INSTRUCTIONS TO FOLLOW: What is needed here is a verbatim copy of the records that follow.

-------- DATA FOR THIS EXERCISE --------

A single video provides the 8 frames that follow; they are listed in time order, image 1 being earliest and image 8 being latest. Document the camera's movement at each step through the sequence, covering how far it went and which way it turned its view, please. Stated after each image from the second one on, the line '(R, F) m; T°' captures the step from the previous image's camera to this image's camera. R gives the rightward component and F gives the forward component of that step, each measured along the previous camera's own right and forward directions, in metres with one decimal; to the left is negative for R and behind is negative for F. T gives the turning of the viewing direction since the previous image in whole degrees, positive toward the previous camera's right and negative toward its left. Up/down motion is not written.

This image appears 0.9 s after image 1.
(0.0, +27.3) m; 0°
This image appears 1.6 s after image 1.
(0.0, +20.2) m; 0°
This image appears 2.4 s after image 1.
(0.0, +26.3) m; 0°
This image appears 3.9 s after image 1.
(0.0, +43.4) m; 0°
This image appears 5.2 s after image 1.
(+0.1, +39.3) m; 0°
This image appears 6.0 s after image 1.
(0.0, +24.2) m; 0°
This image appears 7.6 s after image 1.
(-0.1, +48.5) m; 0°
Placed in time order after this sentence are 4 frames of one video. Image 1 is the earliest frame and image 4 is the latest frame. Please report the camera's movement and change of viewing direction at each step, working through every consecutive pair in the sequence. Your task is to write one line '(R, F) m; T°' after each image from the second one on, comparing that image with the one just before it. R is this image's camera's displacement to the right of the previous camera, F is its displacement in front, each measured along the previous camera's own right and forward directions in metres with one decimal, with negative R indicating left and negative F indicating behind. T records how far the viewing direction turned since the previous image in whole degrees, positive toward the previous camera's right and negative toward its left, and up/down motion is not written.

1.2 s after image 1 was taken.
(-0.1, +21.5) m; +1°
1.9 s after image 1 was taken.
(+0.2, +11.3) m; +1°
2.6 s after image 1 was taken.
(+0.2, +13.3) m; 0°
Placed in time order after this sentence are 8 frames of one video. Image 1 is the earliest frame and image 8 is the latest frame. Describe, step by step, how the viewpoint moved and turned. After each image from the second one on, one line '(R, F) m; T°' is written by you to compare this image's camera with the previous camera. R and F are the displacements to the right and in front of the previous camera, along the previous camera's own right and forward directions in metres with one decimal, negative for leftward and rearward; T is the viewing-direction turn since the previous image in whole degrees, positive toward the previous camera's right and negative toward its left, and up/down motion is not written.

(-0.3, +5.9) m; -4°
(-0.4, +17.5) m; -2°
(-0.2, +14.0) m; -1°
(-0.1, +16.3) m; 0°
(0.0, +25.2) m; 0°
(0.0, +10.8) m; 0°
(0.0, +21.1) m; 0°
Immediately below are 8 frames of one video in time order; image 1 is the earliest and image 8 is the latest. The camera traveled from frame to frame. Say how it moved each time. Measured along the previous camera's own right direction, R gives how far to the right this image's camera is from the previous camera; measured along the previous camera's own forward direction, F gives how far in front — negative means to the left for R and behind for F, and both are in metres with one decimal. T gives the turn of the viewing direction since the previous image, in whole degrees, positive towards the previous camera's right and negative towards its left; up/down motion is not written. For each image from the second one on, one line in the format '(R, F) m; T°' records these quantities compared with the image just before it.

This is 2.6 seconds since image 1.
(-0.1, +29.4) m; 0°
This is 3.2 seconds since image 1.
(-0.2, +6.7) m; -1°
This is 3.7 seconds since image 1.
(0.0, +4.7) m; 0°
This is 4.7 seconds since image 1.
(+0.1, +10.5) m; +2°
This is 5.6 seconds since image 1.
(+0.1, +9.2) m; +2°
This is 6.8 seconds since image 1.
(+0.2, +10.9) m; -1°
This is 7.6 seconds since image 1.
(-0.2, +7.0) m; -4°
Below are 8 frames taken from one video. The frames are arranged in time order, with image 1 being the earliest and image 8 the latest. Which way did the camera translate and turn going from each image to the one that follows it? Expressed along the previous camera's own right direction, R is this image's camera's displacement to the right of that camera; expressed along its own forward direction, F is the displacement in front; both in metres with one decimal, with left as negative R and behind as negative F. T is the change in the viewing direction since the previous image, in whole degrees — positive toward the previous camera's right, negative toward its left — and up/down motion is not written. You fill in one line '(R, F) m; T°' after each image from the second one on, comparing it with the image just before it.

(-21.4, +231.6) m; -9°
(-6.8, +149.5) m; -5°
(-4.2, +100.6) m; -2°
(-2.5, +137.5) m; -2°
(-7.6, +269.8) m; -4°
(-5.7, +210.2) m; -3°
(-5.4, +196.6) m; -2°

--------

COMPLETED TASK:
A single video provides the 8 frames that follow; they are listed in time order, image 1 being earliest and image 8 being latest. Document the camera's movement at each step through the sequence, covering how far it went and which way it turned its view, please. Stated after each image from the second one on, the line '(R, F) m; T°' captures the step from the previous image's camera to this image's camera. R gives the rightward component and F gives the forward component of that step, each measured along the previous camera's own right and forward directions, in metres with one decimal; to the left is negative for R and behind is negative for F. T gives the turning of the viewing direction since the previous image in whole degrees, positive toward the previous camera's right and negative toward its left. Up/down motion is not written.

This image appears 0.9 s after image 1.
(0.0, +27.3) m; 0°
This image appears 1.6 s after image 1.
(0.0, +20.2) m; 0°
This image appears 2.4 s after image 1.
(0.0, +26.3) m; 0°
This image appears 3.9 s after image 1.
(0.0, +43.4) m; 0°
This image appears 5.2 s after image 1.
(+0.1, +39.3) m; 0°
This image appears 6.0 s after image 1.
(0.0, +24.2) m; 0°
This image appears 7.6 s after image 1.
(-0.1, +48.5) m; 0°
Placed in time order after this sentence are 4 frames of one video. Image 1 is the earliest frame and image 4 is the latest frame. Please report the camera's movement and change of viewing direction at each step, working through every consecutive pair in the sequence. Your task is to write one line '(R, F) m; T°' after each image from the second one on, comparing that image with the one just before it. R is this image's camera's displacement to the right of the previous camera, F is its displacement in front, each measured along the previous camera's own right and forward directions in metres with one decimal, with negative R indicating left and negative F indicating behind. T records how far the viewing direction turned since the previous image in whole degrees, positive toward the previous camera's right and negative toward its left, and up/down motion is not written.

1.2 s after image 1 was taken.
(-0.1, +21.5) m; +1°
1.9 s after image 1 was taken.
(+0.2, +11.3) m; +1°
2.6 s after image 1 was taken.
(+0.2, +13.3) m; 0°
Placed in time order after this sentence are 8 frames of one video. Image 1 is the earliest frame and image 8 is the latest frame. Describe, step by step, how the viewpoint moved and turned. After each image from the second one on, one line '(R, F) m; T°' is written by you to compare this image's camera with the previous camera. R and F are the displacements to the right and in front of the previous camera, along the previous camera's own right and forward directions in metres with one decimal, negative for leftward and rearward; T is the viewing-direction turn since the previous image in whole degrees, positive toward the previous camera's right and negative toward its left, and up/down motion is not written.

(-0.3, +5.9) m; -4°
(-0.4, +17.5) m; -2°
(-0.2, +14.0) m; -1°
(-0.1, +16.3) m; 0°
(0.0, +25.2) m; 0°
(0.0, +10.8) m; 0°
(0.0, +21.1) m; 0°
Immediately below are 8 frames of one video in time order; image 1 is the earliest and image 8 is the latest. The camera traveled from frame to frame. Say how it moved each time. Measured along the previous camera's own right direction, R gives how far to the right this image's camera is from the previous camera; measured along the previous camera's own forward direction, F gives how far in front — negative means to the left for R and behind for F, and both are in metres with one decimal. T gives the turn of the viewing direction since the previous image, in whole degrees, positive towards the previous camera's right and negative towards its left; up/down motion is not written. For each image from the second one on, one line in the format '(R, F) m; T°' records these quantities compared with the image just before it.

This is 2.6 seconds since image 1.
(-0.1, +29.4) m; 0°
This is 3.2 seconds since image 1.
(-0.2, +6.7) m; -1°
This is 3.7 seconds since image 1.
(0.0, +4.7) m; 0°
This is 4.7 seconds since image 1.
(+0.1, +10.5) m; +2°
This is 5.6 seconds since image 1.
(+0.1, +9.2) m; +2°
This is 6.8 seconds since image 1.
(+0.2, +10.9) m; -1°
This is 7.6 seconds since image 1.
(-0.2, +7.0) m; -4°
Below are 8 frames taken from one video. The frames are arranged in time order, with image 1 being the earliest and image 8 the latest. Which way did the camera translate and turn going from each image to the one that follows it? Expressed along the previous camera's own right direction, R is this image's camera's displacement to the right of that camera; expressed along its own forward direction, F is the displacement in front; both in metres with one decimal, with left as negative R and behind as negative F. T is the change in the viewing direction since the previous image, in whole degrees — positive toward the previous camera's right, negative toward its left — and up/down motion is not written. You fill in one line '(R, F) m; T°' after each image from the second one on, comparing it with the image just before it.

(-21.4, +231.6) m; -9°
(-6.8, +149.5) m; -5°
(-4.2, +100.6) m; -2°
(-2.5, +137.5) m; -2°
(-7.6, +269.8) m; -4°
(-5.7, +210.2) m; -3°
(-5.4, +196.6) m; -2°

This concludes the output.